_YOUR ASSIGNMENT_:
The copy you give must match the records exactly, except that it holds no images.

[Extracted data entries]
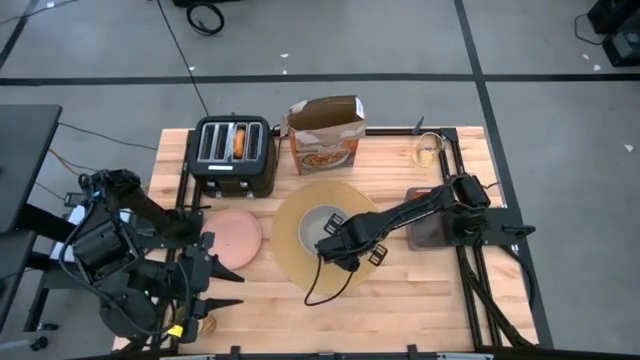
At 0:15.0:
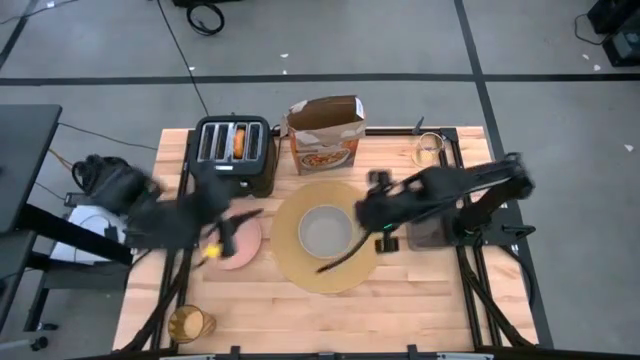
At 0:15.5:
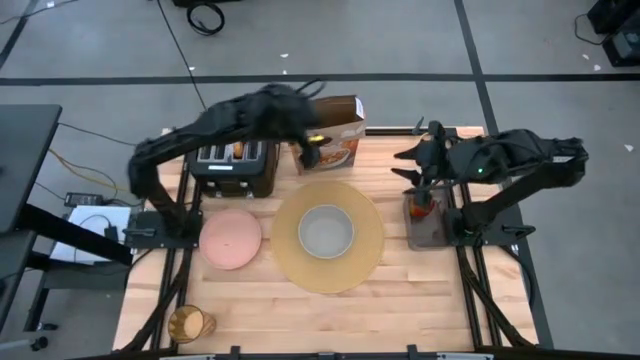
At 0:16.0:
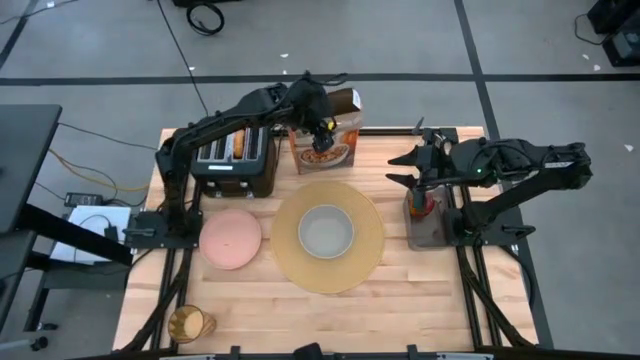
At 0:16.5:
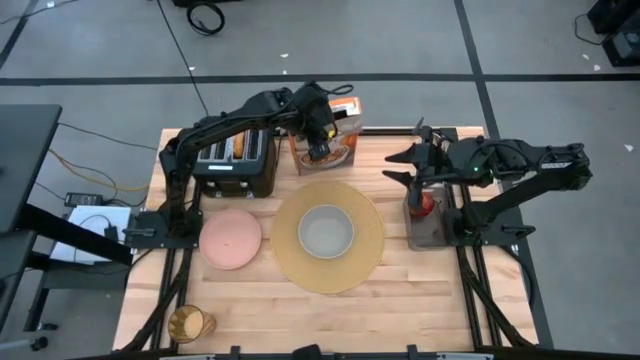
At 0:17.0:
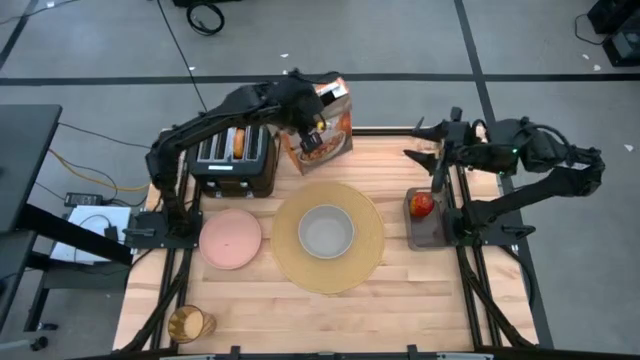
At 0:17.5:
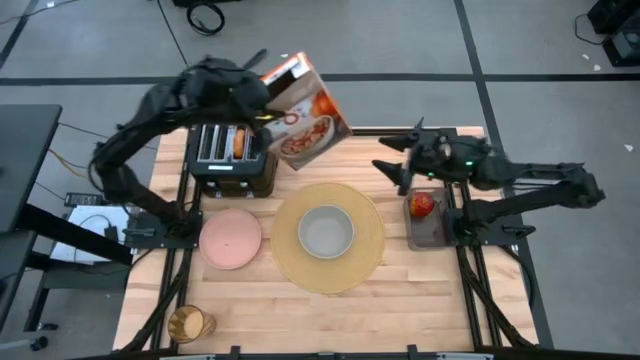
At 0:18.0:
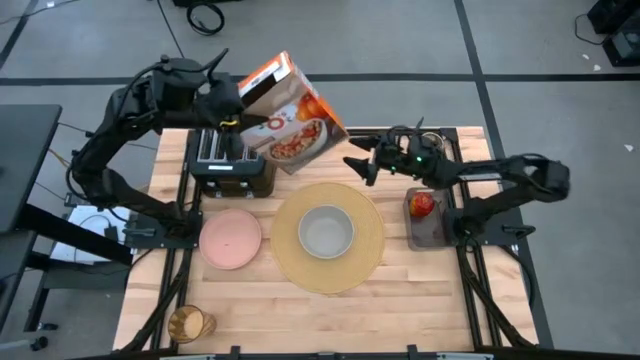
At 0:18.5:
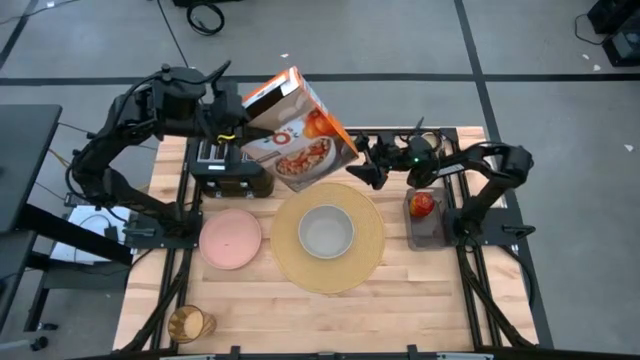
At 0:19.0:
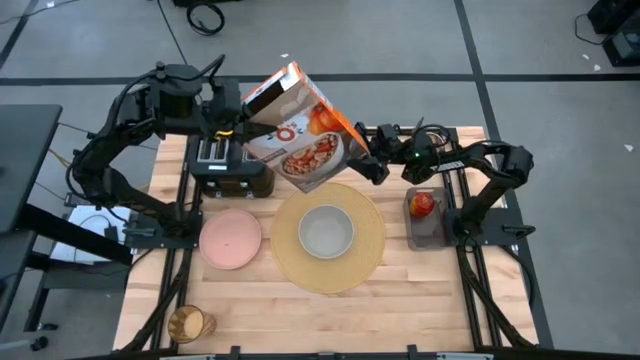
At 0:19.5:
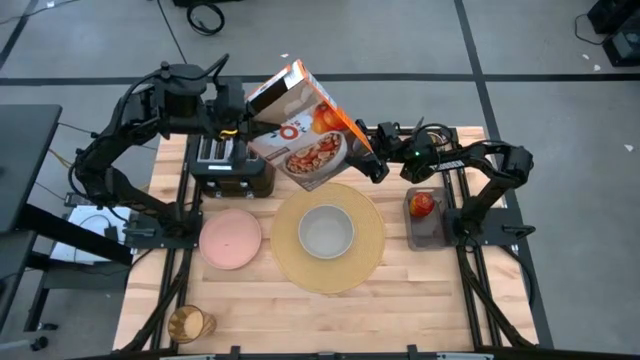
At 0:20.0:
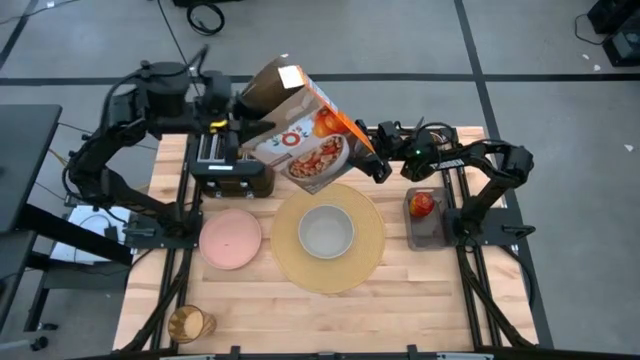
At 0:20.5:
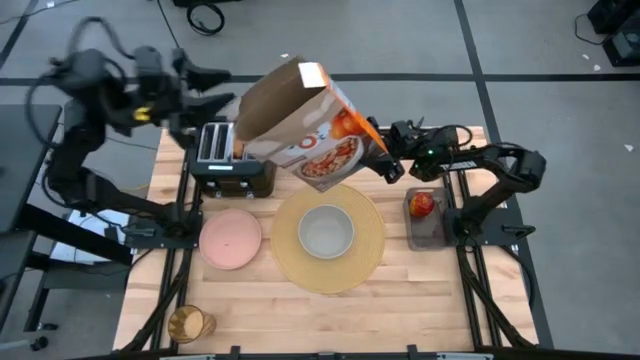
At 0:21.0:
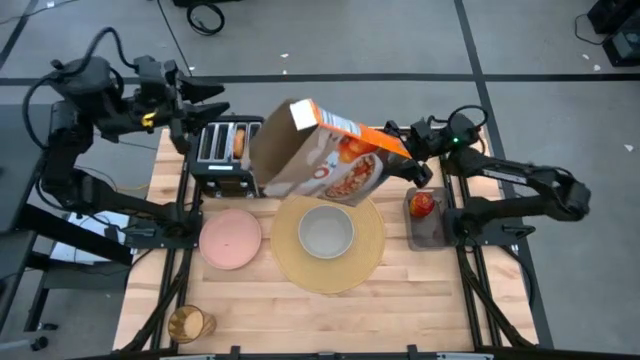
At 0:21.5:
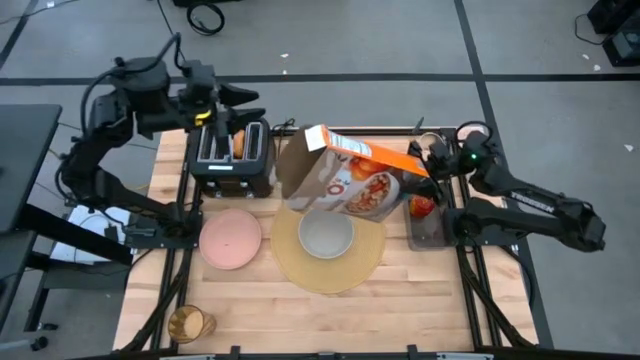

_TASK ANSWER_:
At 0:15.0:
At 0:15.5:
At 0:16.0:
At 0:16.5:
At 0:17.0:
At 0:17.5:
At 0:18.0:
At 0:18.5:
At 0:19.0:
At 0:19.5:
At 0:20.0:
At 0:20.5:
At 0:21.0:
At 0:21.5:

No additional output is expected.